Was she kidding? Josh wanted to tell her they could make love from this moment clear to the end of tomorrow, then take a rest and start all over again, but was afraid to push too hard. If he pissed her off, she might just change her mind. So, like a good boy, Josh simply went with the flow as Tess got her purse, took his hand, then led him out of the house to the car.
“I almost forgot.” She tossed him the keys.

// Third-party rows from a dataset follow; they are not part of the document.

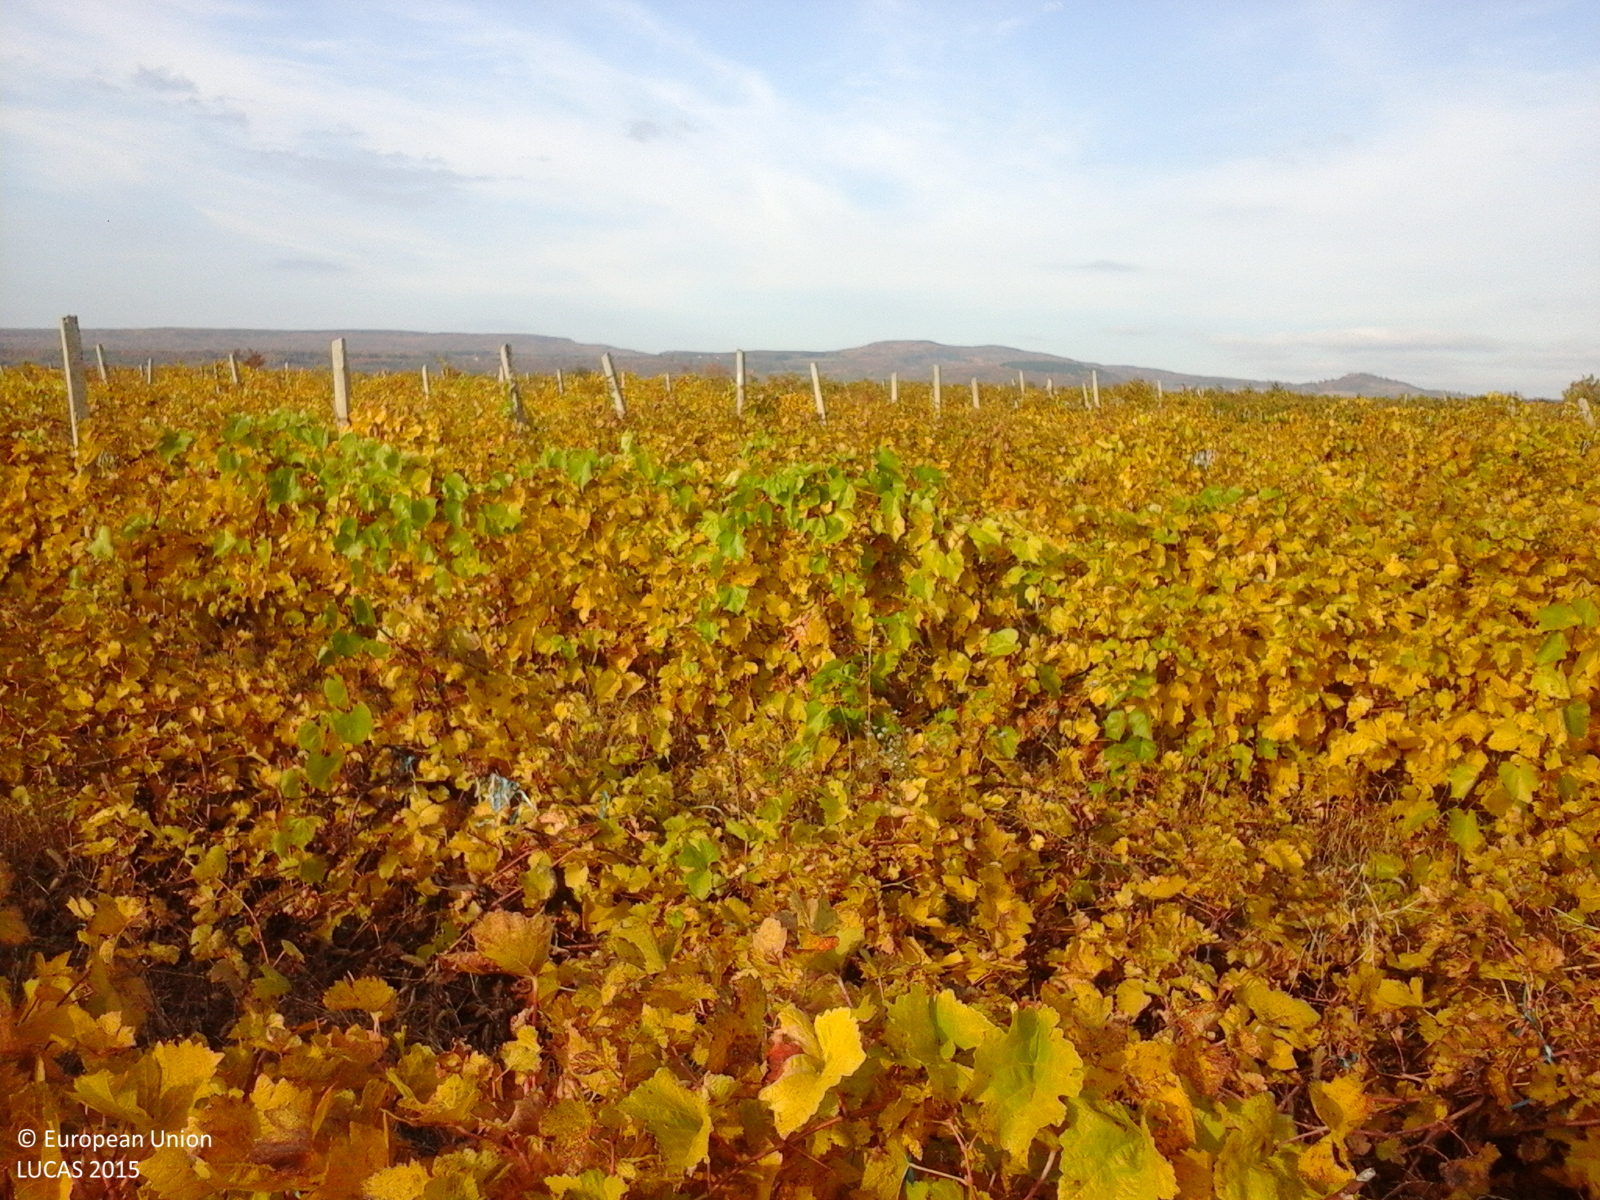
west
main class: Cropland
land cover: Vineyards
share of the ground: > 75 %
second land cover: Grassland without tree/shrub cover
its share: > 75 %
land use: Agriculture (excluding fallow land and kitchen gardens)
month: October
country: RO
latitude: 45.5166
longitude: 27.0777

“You sure you want me to drive?”
“You are licensed, aren't you?”
“What would it matter when Vic's not going to like this? He's going to tell you this is no way for a bodyguard to act.”
“Things change.”
That they did, and Josh was afraid to ask what she meant by that. Ever since Alan made those stupid comments in the office Tess hadn't been her usual cocky self. Dammit, Josh wanted that woman back.

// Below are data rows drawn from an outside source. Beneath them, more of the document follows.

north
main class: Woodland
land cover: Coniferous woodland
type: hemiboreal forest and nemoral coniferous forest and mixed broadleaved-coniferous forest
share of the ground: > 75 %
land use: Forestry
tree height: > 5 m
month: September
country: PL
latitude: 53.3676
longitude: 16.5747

“Sometimes for the better,” he said.
She regarded the house and the grounds for a moment more before meeting his gaze. Her eyes sparkled in the moonlight. “We should go.”
Josh didn't want to, and once they were there, he couldn't wait to leave.
No more ground rules,
she had said back at the house and obviously meant that to include here.
As the man across their table said something, Josh nodded agreeably even though he hadn't a clue what was being discussed, because his attention was still on Tess.
The moment they were seated, she had wrapped her leg behind his, then leaned toward him so that he couldn't miss her powdery fragrance or the way her gown gapped in front, showing him quite a bit of her right breast.
For the next twenty minutes, Josh endured that sweet torture until the event's speaker said something that had everyone turning in their chairs and looking at him.
At just that moment, Tess ran her fingers down the inside of Josh's right thigh.
Holy shit.
He lowered his head, breathed hard, then slid his gaze to her.
Her attention, like the others, was still on the speaker. Her fingers, however, were creeping back up his thigh. Just as she stroked his groin, Josh wrapped his fingers around her wrist.
Although Tess's gaze remained on the speaker, she did lift her brows.
Leaning close, Josh whispered, “No more ground rules?”